── DATA

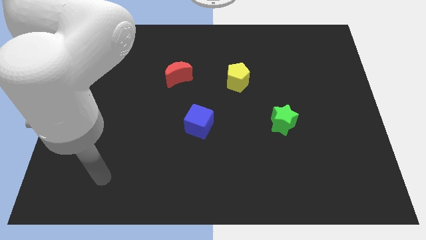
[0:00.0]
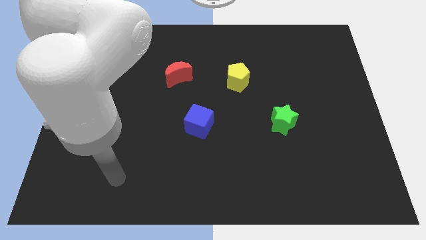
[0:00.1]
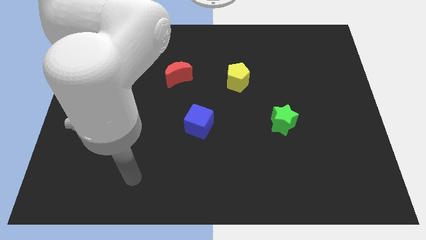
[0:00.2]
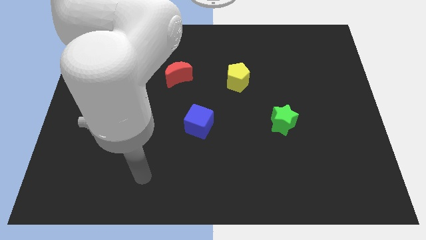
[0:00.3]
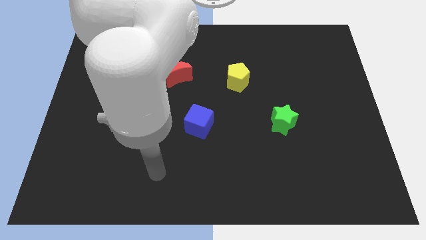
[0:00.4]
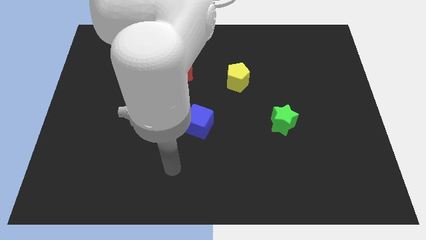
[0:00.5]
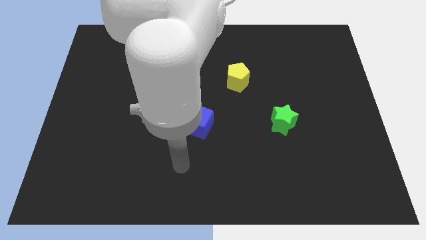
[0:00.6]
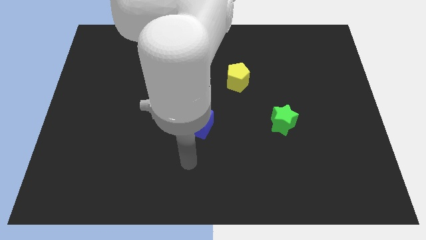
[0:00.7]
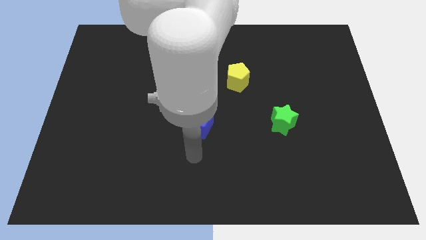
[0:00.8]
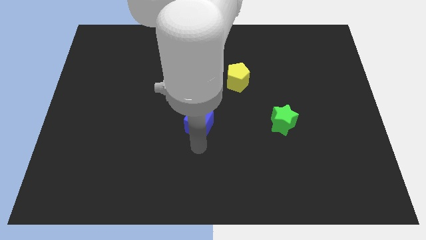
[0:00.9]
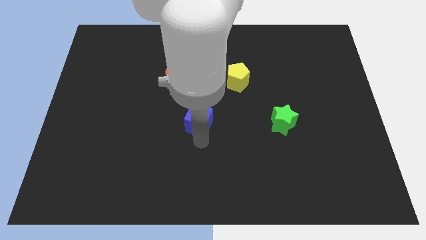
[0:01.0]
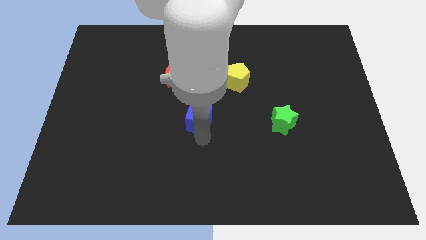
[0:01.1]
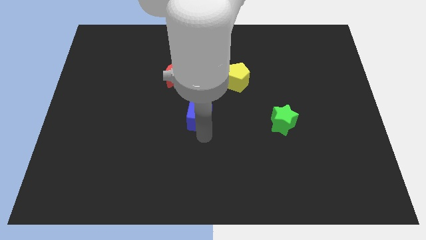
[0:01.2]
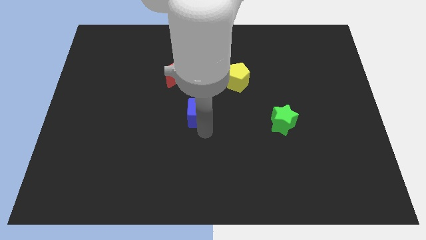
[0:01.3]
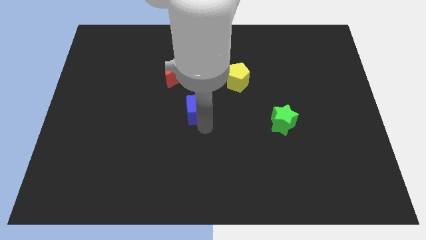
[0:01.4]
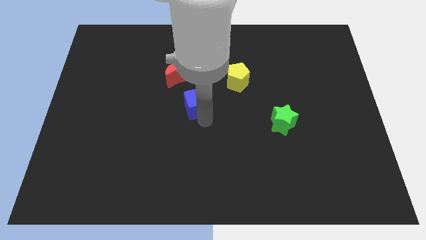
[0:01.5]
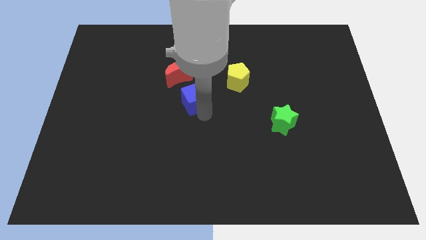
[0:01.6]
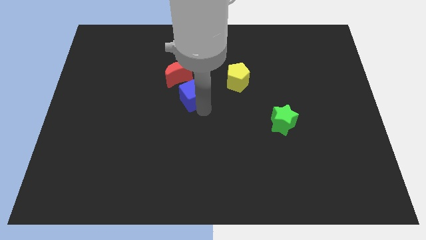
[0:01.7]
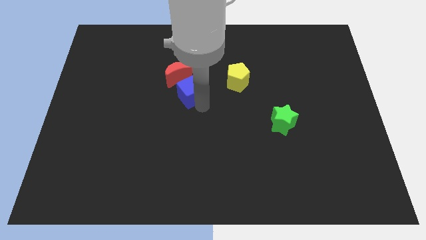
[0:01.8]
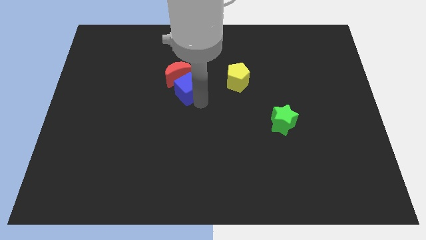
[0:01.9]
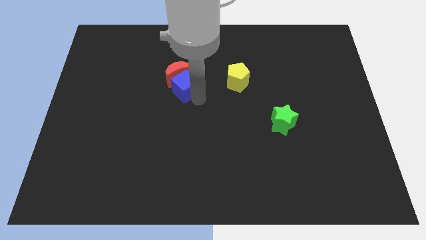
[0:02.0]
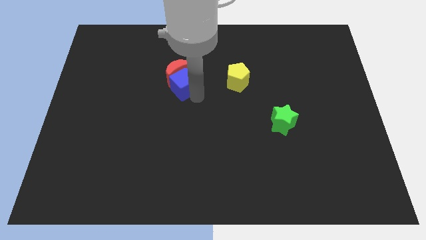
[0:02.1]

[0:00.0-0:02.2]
slide the blue block to the red moon

────

Above are the records; copy every one of them exactly and omit the images.

FINISHED TASK:
[0:00.0]
[0:00.1]
[0:00.2]
[0:00.3]
[0:00.4]
[0:00.5]
[0:00.6]
[0:00.7]
[0:00.8]
[0:00.9]
[0:01.0]
[0:01.1]
[0:01.2]
[0:01.3]
[0:01.4]
[0:01.5]
[0:01.6]
[0:01.7]
[0:01.8]
[0:01.9]
[0:02.0]
[0:02.1]

[0:00.0-0:02.2]
slide the blue block to the red moon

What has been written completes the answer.